Babies and bathwater

I read a rather odd article in Enterprise Systems proclaiming that “the data warehouse might be dead”. The thrust of the article was the old idea of piecing together reports for a particular user or department by accessing source systems directly rather than bothering with a pesky data warehouse, in this case advocated by a senior business user from Bank of America. I understand the frustration that business people have with most corporate data warehouses today. They are typically inflexible, and so unable to keep up with the pace of business change. Indeed this thought was echoed recently by Gartner analyst Don Feinberg, who said that data warehouses more than five years old should be re-written. To a person who has an urgent information need, going to an IT department that tells him that he cannot have the information he needs for weeks or months is understandably irritating.

Yet the apparent solution of accessing source systems directly is flawed, and the problems this causes is after all is why people invented data warehouses in the first place. Yes, you can patch together data from source systems, and yes, that one report you want may appear less complicated (and quicker) to get than going through a change request in corporate IT. Overall, though the economics of point to point spaghetti v a central warehouse are easy to see. The organisation as a whole will spend much more money in this manner than by having a central warehouse where the data can be relied upon; the more complex the organisation, the larger this gap will be.

Probably worse, the business user gets some numbers out, but are they the right numbers? Anyone who has worked on data warehouse projects will be familiar with the frequently dismal quality of data even in supposedly trusted corporate source systems such as ERP. It is often only by looking at sources together than problems with the data show up. Often errors in, say, regional systems can cancel out or be obscured, and the true picture only emerges when data is added up at a collective level.

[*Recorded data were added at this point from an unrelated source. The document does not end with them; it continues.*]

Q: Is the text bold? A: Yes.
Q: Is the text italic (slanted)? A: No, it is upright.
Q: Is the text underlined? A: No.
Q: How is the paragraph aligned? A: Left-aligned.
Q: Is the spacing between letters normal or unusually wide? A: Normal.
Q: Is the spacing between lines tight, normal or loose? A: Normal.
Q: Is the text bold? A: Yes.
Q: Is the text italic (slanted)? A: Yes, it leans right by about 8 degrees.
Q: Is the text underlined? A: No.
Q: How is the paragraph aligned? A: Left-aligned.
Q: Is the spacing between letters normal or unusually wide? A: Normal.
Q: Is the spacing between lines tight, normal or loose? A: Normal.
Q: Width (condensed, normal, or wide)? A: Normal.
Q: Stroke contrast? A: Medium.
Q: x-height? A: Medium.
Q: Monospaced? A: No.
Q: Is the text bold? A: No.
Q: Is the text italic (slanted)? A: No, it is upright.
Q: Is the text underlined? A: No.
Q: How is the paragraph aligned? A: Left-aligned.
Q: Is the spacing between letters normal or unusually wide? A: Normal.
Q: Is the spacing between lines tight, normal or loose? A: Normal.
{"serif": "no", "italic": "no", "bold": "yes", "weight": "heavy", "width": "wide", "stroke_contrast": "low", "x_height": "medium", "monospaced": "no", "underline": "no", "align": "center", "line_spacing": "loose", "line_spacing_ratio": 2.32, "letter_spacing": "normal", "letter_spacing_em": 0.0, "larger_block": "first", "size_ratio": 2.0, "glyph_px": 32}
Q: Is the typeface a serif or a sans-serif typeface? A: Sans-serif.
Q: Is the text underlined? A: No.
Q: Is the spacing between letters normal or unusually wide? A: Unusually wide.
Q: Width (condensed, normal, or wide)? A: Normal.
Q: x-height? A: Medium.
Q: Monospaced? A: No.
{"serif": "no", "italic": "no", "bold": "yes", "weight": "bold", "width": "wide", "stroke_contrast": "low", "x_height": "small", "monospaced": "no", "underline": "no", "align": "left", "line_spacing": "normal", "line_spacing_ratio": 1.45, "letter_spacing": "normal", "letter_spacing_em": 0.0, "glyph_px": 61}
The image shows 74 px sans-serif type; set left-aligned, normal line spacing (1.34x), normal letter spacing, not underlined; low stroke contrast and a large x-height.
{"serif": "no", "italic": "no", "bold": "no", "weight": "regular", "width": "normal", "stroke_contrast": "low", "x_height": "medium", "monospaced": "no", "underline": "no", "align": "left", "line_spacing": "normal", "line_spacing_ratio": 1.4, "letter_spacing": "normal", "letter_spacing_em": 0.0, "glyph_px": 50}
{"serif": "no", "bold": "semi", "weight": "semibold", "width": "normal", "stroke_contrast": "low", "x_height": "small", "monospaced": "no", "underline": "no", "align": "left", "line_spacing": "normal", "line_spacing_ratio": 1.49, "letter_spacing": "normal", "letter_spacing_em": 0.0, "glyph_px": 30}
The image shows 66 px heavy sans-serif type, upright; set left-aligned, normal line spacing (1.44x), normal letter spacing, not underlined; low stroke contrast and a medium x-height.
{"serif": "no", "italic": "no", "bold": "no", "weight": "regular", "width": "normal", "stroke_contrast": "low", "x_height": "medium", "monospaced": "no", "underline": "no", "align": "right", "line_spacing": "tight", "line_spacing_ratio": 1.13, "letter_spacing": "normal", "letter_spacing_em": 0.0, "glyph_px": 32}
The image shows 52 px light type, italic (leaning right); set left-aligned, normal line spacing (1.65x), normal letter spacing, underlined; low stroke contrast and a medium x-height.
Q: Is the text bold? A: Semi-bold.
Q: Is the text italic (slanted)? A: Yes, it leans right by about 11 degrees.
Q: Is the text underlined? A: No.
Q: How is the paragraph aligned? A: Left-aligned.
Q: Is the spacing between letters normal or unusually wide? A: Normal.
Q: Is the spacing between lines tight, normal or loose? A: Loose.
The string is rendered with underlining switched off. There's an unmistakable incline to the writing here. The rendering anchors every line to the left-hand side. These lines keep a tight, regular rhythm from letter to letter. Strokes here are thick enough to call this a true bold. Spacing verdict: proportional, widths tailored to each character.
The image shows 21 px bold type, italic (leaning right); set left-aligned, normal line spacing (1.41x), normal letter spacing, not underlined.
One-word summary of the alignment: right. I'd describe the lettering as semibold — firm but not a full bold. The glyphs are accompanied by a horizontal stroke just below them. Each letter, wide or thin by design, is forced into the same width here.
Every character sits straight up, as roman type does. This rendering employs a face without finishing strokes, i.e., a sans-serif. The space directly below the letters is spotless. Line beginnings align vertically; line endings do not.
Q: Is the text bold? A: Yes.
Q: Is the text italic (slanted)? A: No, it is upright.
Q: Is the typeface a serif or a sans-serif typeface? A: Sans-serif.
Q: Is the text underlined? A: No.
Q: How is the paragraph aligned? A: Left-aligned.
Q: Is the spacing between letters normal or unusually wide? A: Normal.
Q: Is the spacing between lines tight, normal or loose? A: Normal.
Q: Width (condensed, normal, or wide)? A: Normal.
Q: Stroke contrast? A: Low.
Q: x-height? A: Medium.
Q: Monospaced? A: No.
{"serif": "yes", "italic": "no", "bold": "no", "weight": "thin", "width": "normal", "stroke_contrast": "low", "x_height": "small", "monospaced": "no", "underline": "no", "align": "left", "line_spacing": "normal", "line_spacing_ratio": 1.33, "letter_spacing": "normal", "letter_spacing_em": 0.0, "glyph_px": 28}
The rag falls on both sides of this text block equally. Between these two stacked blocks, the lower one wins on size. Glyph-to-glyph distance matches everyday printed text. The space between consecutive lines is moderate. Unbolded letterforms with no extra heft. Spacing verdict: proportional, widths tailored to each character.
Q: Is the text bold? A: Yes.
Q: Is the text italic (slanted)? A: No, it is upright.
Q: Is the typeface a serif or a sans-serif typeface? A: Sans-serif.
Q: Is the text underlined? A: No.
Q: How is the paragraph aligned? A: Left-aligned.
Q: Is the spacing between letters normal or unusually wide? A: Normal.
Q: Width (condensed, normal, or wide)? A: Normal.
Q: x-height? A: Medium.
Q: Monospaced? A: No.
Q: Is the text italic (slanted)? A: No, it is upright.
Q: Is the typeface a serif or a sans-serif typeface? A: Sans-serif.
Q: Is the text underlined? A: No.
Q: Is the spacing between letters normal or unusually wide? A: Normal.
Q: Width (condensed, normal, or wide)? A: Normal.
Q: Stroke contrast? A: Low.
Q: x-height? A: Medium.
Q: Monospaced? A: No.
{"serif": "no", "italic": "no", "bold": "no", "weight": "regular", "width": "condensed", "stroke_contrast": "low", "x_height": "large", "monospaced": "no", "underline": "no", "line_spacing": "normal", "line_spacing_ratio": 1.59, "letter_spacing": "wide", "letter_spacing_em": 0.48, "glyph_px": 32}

In these days of increasing anxiety about banking scandals and greater regulation, companies can ill afford to subject themselves to unnecessary risk by making decisions based on data of questionable quality. The issue is that most data warehouses today are based on inflexible approaches and designs, causing lengthy and costly delays in updating the warehouse when the business, inevitably, changes. It does not have to be this way. You can construct data warehouses in a more flexible manner, and in a way in which business users are engaged with the process. By running parallel master data management initiatives and setting up an MDM repository, the data warehouse can be relieved of at least some of the burden of sorting out corporate reference data, giving it more of chance.

It is incumbent of IT departments to embrace modern data warehouse technologies and complementary MDM best practice in order to avoid driving their customers to “skunk works” desperation in order to answer their needs. IT organisations that fail to do this risk being marginalised, but also indirectly drive up costs and risks for their companies.